During a five-day trial in January, attorneys representing Leapfrog pointed out that presenting information, proving its hospitals were safe, would have been the easiest way for Tenet to challenge the poor grades.
“They didn’t provide it to Leapfrog. … They didn’t provide it to us in discovery. They didn’t provide it to their own experts and they are not going to provide it in this trial,” Leapfrog attorney Kimberly Blair said in her opening statement. “Why? Because it is not good.”
The bulk of the information Leapfrog uses to judge hospital performance comes from reports hospitals are required to submit to CMS. It supplements that with information hospitals provide on the surveys.
CMS also annually rates hospitals using the data it collects, including patient surveys. In its most recent ratings, it gave Good Samaritan, St. Mary’s, Palm Beach Gardens and Delray medical centers, overall ratings of one star. West Boca Medical Center received two stars.

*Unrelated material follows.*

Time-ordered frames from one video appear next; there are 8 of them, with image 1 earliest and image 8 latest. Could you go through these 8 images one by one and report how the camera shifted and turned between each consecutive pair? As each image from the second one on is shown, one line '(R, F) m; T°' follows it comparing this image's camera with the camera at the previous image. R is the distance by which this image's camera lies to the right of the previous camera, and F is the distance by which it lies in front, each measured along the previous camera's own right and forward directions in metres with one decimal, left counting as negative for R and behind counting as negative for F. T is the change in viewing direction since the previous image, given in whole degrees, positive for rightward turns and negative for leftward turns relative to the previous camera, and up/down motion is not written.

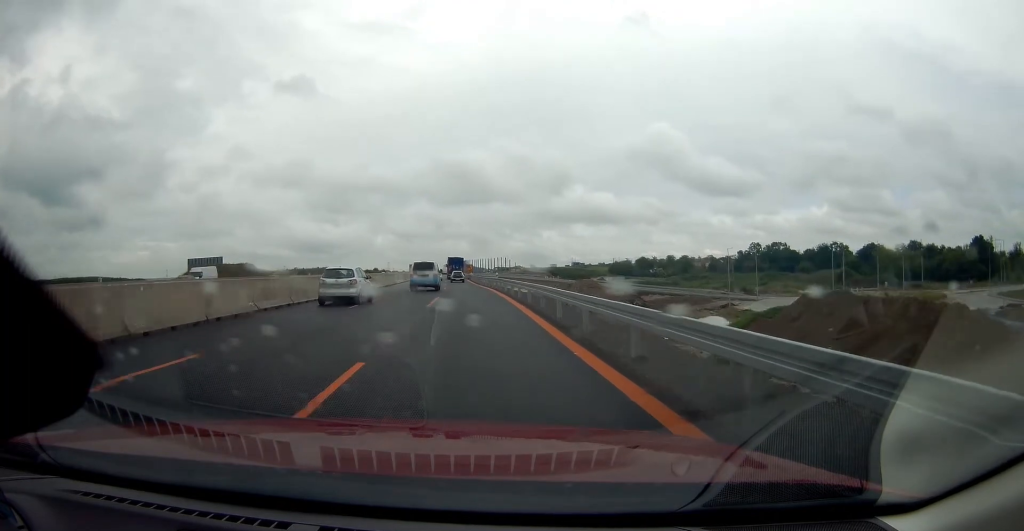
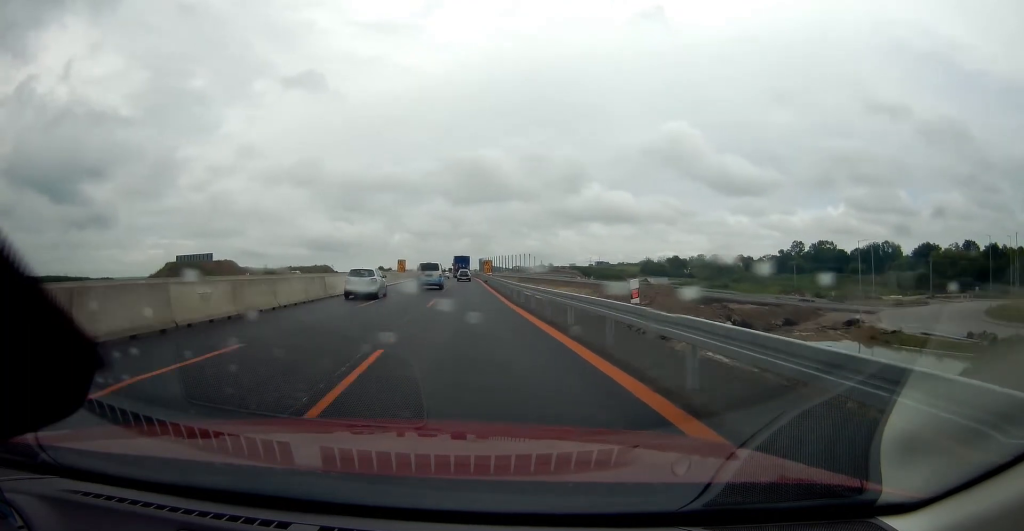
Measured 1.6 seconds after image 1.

Rankings from the Mayo Clinic, which are also based on reports filed with CMS, were similar. Delray, Good Samaritan and Palm Beach Gardens medical centers were ranked in the bottom 10% of all hospitals in the country. St. Mary’s was ranked in the bottom 12% and West Boca was ranked in the bottom 20%.
The nonprofit Jupiter Medical Center did the best on both surveys, receiving four stars from CMS and was ranked as better than 71% of hospitals in the country by Mayo. It also got high marks from Leapfrog.

‘They are trying to scare our patients’
Binder suspects that Tenet went after Leapfrog because it aggressively publicizes its findings. Its ratings come up first on a Google search of “hospital grades” and its website is easy to navigate. It gets 3.5 million visitors annually.
CMS sends emails to Medicare recipients about its rankings, encouraging people to check the ratings of hospitals in their communities. Its data also comes up in a Google search, but it’s not user-friendly.
Mayo’s HealthLocator is new. It launched in October.
During the trial, Tenet’s attorneys blasted Leapfrog for using Google ads, press releases and even TikTok videos to publicize its findings.
“They are trying to scare our patients, our physicians, our communities referring to harm and errors, saying that only the worst of the worst get an F or a D,” said Tenet attorney Mary Beth Maloney. “In fact, they report that only the worst of the worst get an F.”
It’s all part of a “media machine” to punish hospitals that don’t fill out the surveys, Maloney said.
Binder made no apologies for promoting Leapfrog’s findings.
Medical errors, accidents, injuries and infections cause nearly 250,000 patient deaths a year, she said. Her agency was formed with the belief that by rating hospitals, people could make informed choices. It also hoped the grades would spur medical centers to improve patient safety and reduce preventable deaths.
“So, yeah, we’re all in on the PR,” Binder said.
She said she hopes Middlebrooks’ ruling will be reversed on appeal.
In the meantime, she said Leapfrog will follow his orders to remove the poor ratings Tenet hospitals received and those of other hospitals in the country that didn’t submit surveys.
Grades will be adjusted in the semiannual rating report that is to be released in the next several weeks to reflect Middlebrooks’ concerns, she said.
But, Binder said, she also hopes it will spur Tenet to act.
“I hope they take from this lawsuit that they should do something to improve patient safety,” she said. “Otherwise, they won and the people of South Florida lost.”